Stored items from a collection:

──────

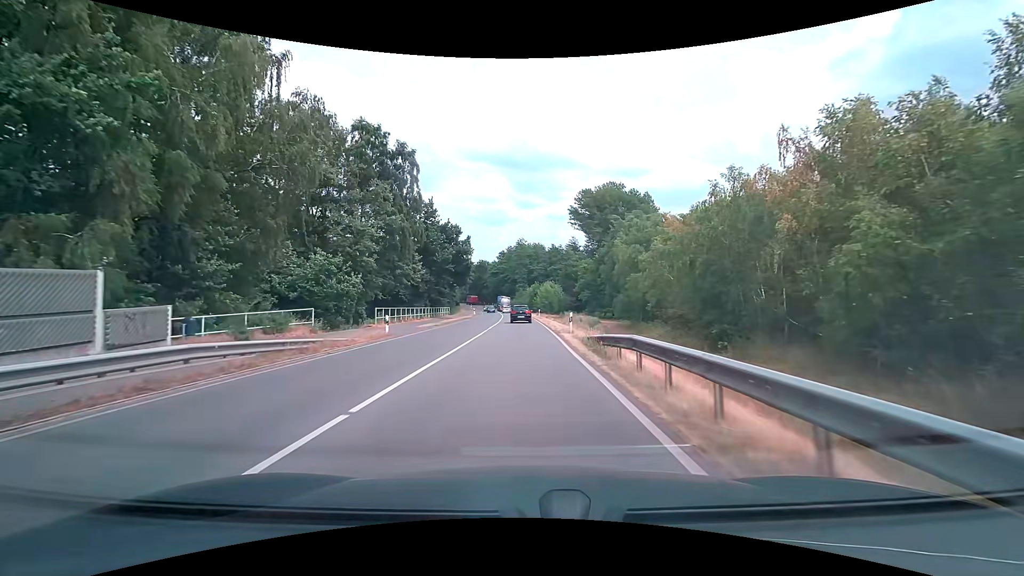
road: secondary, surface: asphalt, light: Day
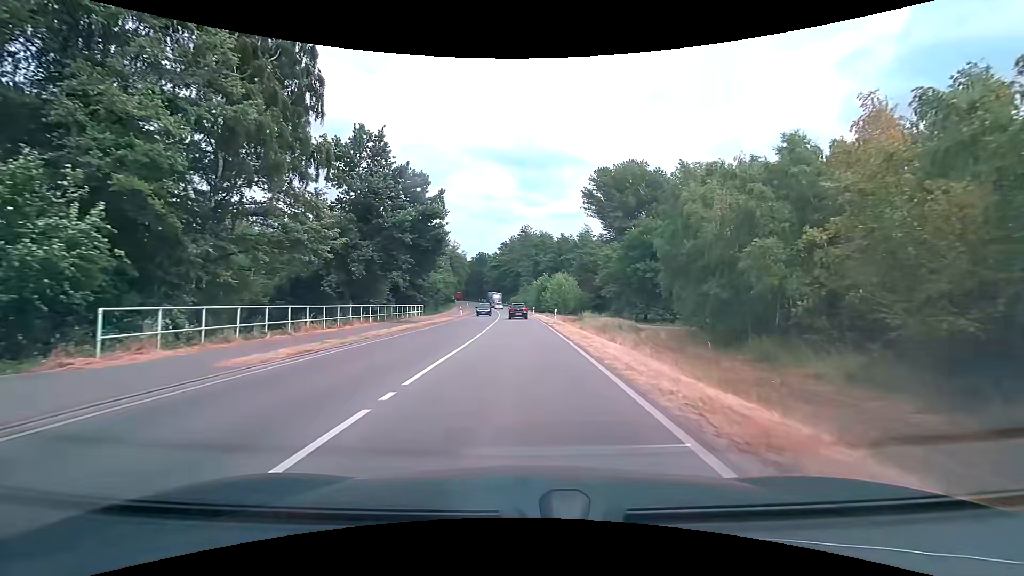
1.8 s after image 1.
(0.0, +22.8) m; 0°
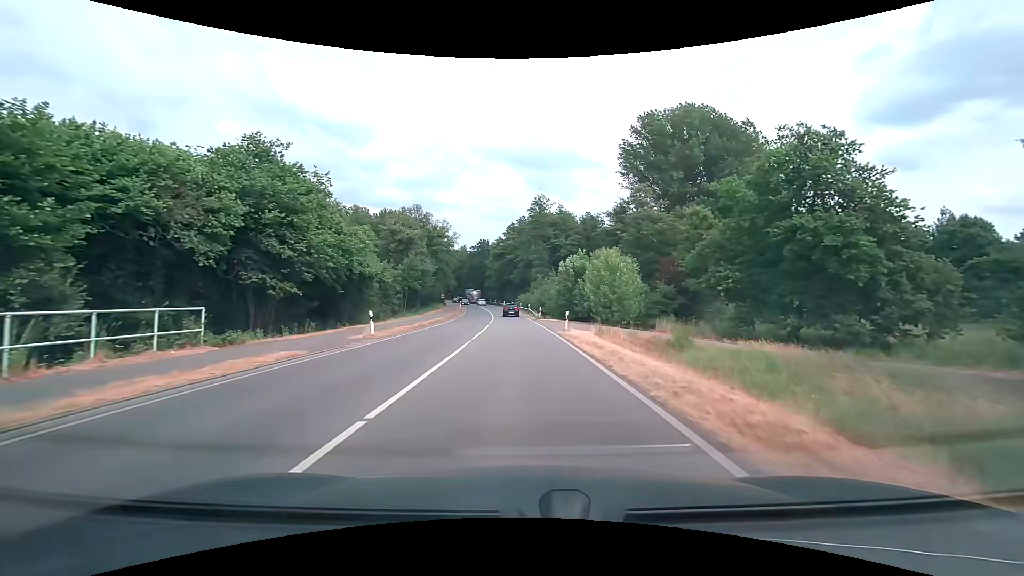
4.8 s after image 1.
(-0.2, +38.2) m; -1°
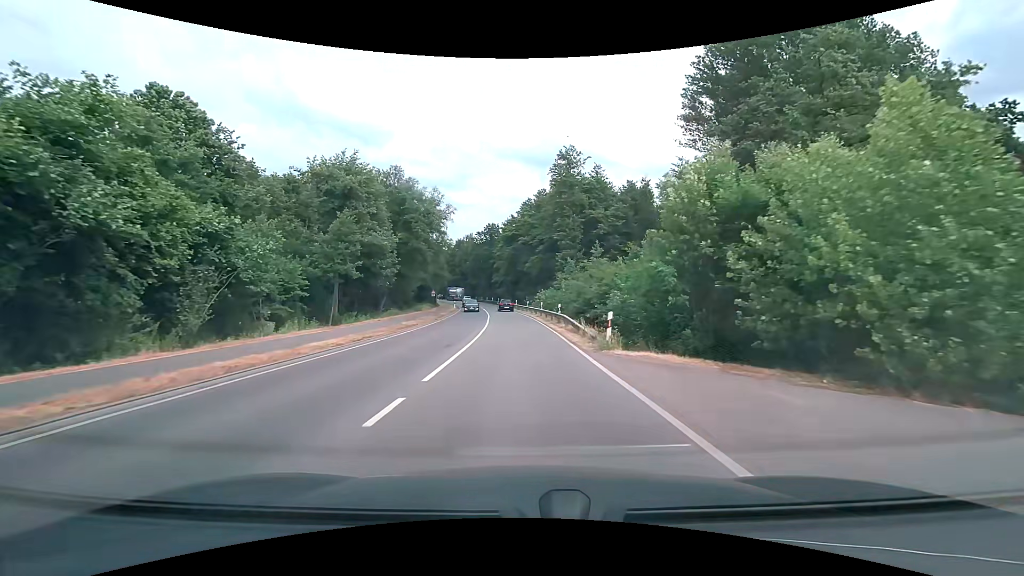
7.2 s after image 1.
(-0.6, +30.6) m; -2°
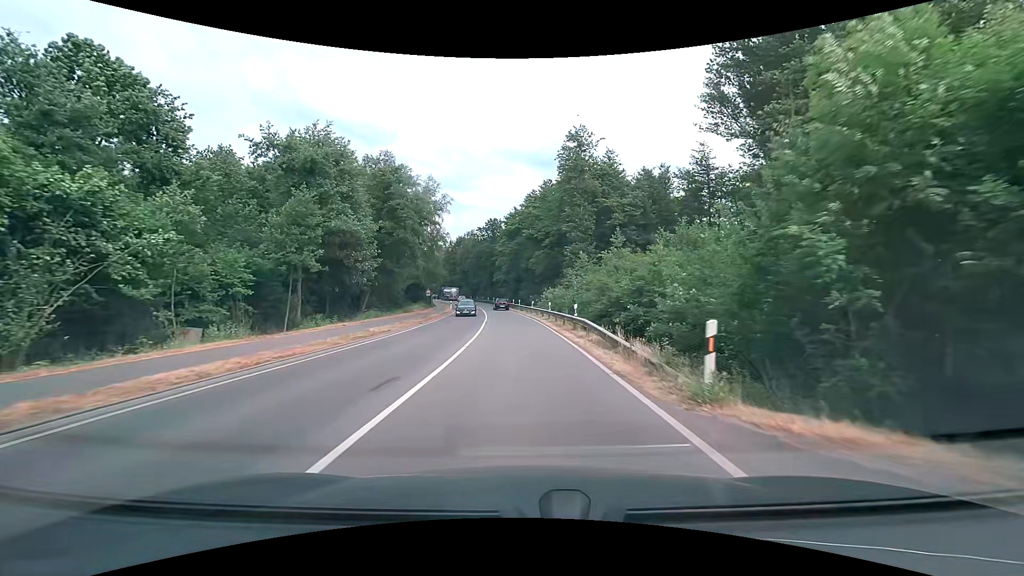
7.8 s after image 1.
(0.0, +7.6) m; 0°
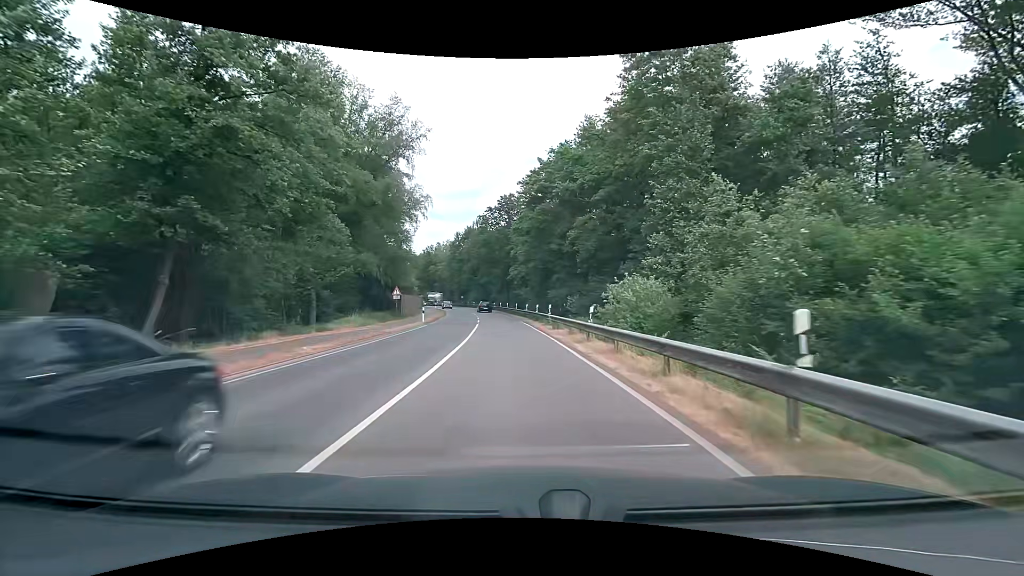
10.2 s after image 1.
(-0.6, +30.4) m; -3°
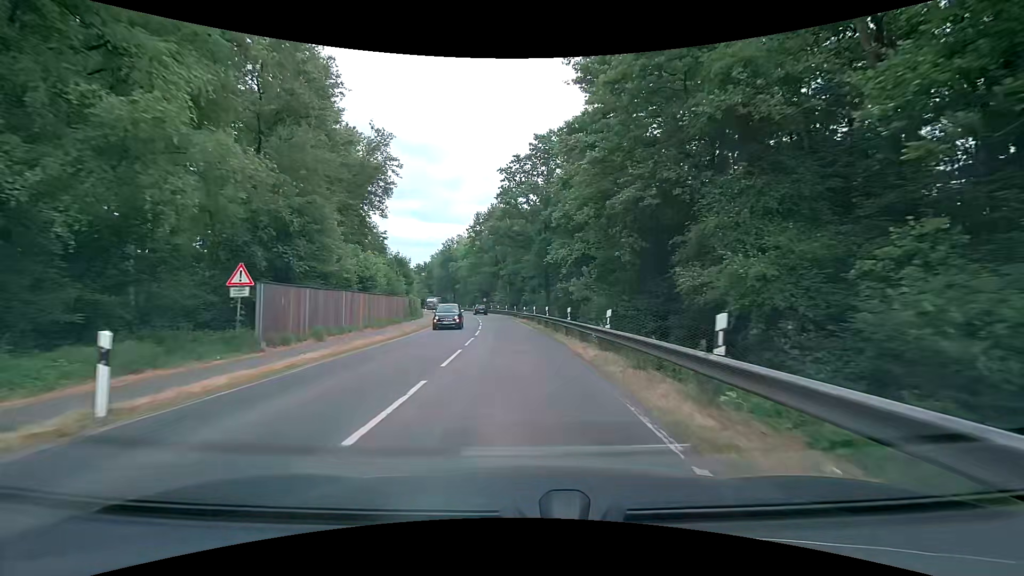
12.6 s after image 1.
(-0.9, +30.2) m; -5°
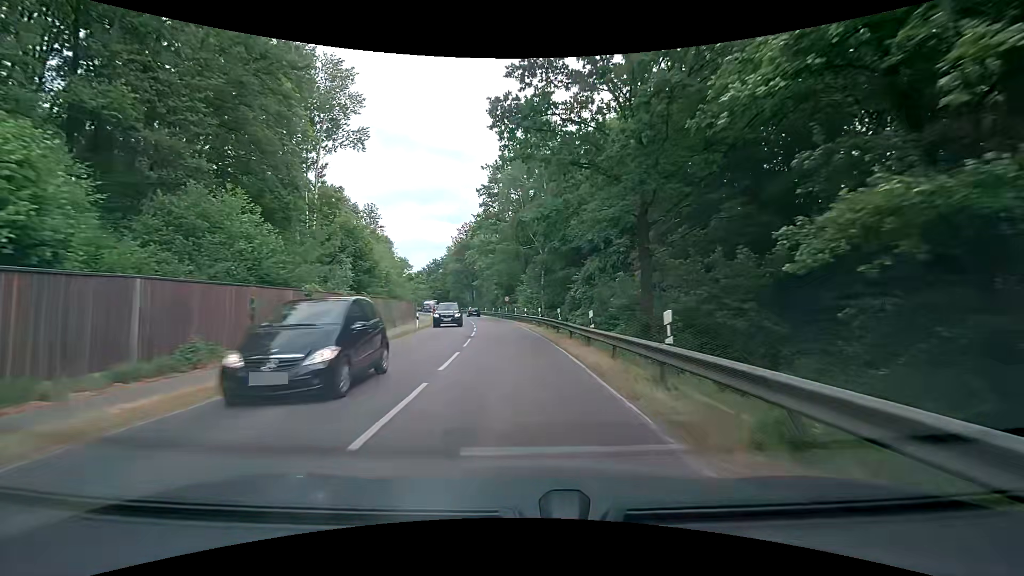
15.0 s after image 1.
(-0.6, +30.2) m; -3°
(0, +10) (-1, +20) (-1, +30) (-2, +40) (-3, +50) (-5, +60) (-6, +70) (-8, +79) (-10, +89) (-13, +99) m

──────

Work task
Restate the data above exactly, stripping out each image.

Written solution
road: secondary, surface: asphalt, light: Day
1.8 s after image 1.
(0.0, +22.8) m; 0°
4.8 s after image 1.
(-0.2, +38.2) m; -1°
7.2 s after image 1.
(-0.6, +30.6) m; -2°
7.8 s after image 1.
(0.0, +7.6) m; 0°
10.2 s after image 1.
(-0.6, +30.4) m; -3°
12.6 s after image 1.
(-0.9, +30.2) m; -5°
15.0 s after image 1.
(-0.6, +30.2) m; -3°
(0, +10) (-1, +20) (-1, +30) (-2, +40) (-3, +50) (-5, +60) (-6, +70) (-8, +79) (-10, +89) (-13, +99) m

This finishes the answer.